I am primarily interested in three concepts that have increasingly become the focii of methodological debates within historical and/or literary studies: archives (what constitutes historical evidence), exemplarity (how do we read evidence) and geopolitics (where do we read from). Such methodological concerns bring genealogies of area studies to bear on Anglo-American histories of literature and culture and ask how such an attention to “area” calibrates questions of race, gender and sexuality.

Broadly speaking, I read and write within established disciplines (history, literature, law) and field formations (area studies, queer/sexuality studies), mobilizing South Asia through its multilingual and divergent colonial and national formations.

My first monograph, For the Record: On Sexuality and the Colonial Archive in India (winner of the Alan Bray Memorial Book Award for best book in lesbian, gay, or queer studies in literature and cultural studies, Modern Language Association, 2010) considers the relationship between sexuality and the colonial archive by posing the following questions: Why does sexuality (still) seek its truth in the historical archive? What are the spatial and racial logics that compel such a return? And conversely, what kind of “archive” does such a recuperative hermeneutics produce? Rather than render sexuality’s relationship to the colonial archive through the preferred lens of historical invisibility (which would presume that there is something about sexuality that is lost or silent and needs to “come out”), I engage sexuality’s recursive traces within the colonial archive against and through our very desire for access.

My second monograph, Abundance: Sexuality’s History (Duke University Press, 2023), refuses the historical common sense that archival loss is foundational to a subaltern history of sexuality, and that the deficit of our minoritized pasts can be redeemed through acquisitions of lost pasts.

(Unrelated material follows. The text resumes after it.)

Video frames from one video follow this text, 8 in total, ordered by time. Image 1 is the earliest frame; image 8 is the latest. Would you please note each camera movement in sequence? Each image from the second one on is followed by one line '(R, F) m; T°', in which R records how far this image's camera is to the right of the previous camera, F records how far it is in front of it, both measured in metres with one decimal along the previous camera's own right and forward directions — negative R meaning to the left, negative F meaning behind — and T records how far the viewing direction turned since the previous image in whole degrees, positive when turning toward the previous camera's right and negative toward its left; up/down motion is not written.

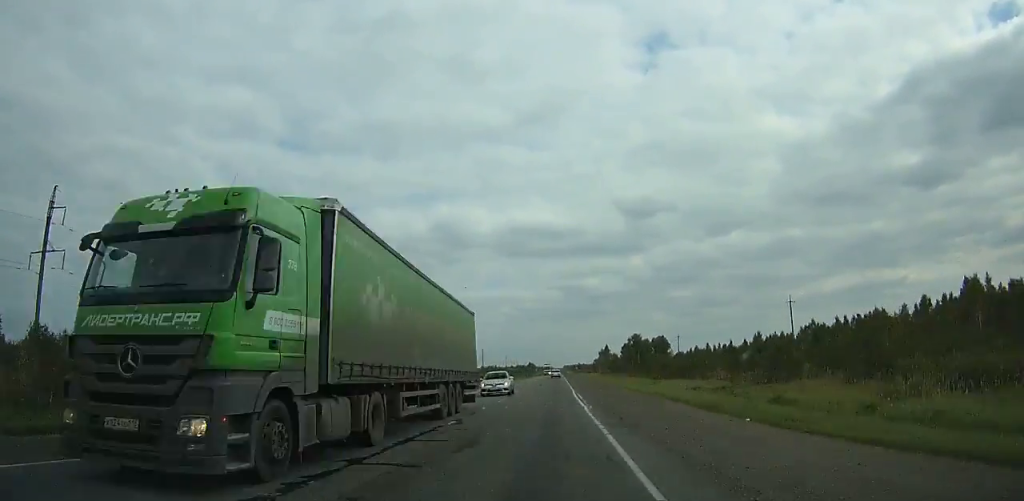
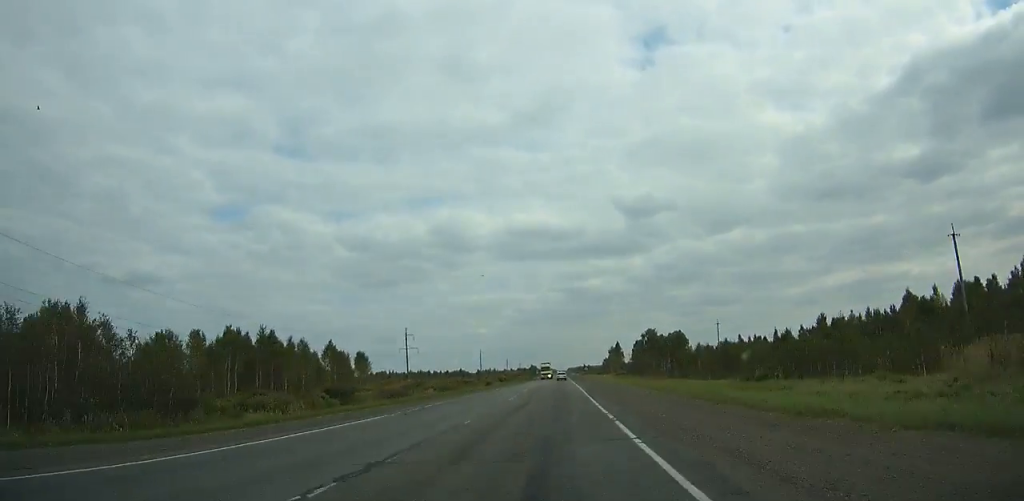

Instead, I theorize the radical abundance of sexuality through the archives of the Gomantak Maratha Samaj—a caste-oppressed devadasi collective in South Asia—that are plentiful and quotidian, imaginative and ordinary. Here, abundance is inextricably linked to the histories of subordinated groups in ways that challenge narratives of their constant devaluation. Summoning abundance over loss upends settled genealogies of historical recuperation and representation and works against the imperative to fix sexuality within wider structures of vulnerability, damage, and precarity. Multigeneric and multilingual, transregional and historically supple, Abundance centers sexuality within area, post/colonial, and anti/caste histories.

Education

Ph.D., English, University of Pennsylvania

B.A., College Scholar, Cornell University

Awards

For the Record Cover

Winner of the 2010 Alan Bray Memorial Book Award for Best Book in Lesbian, Gay, or Queer Studies in Literature and Cultural Studies from the GL/Q Caucus of the Modern Language Association.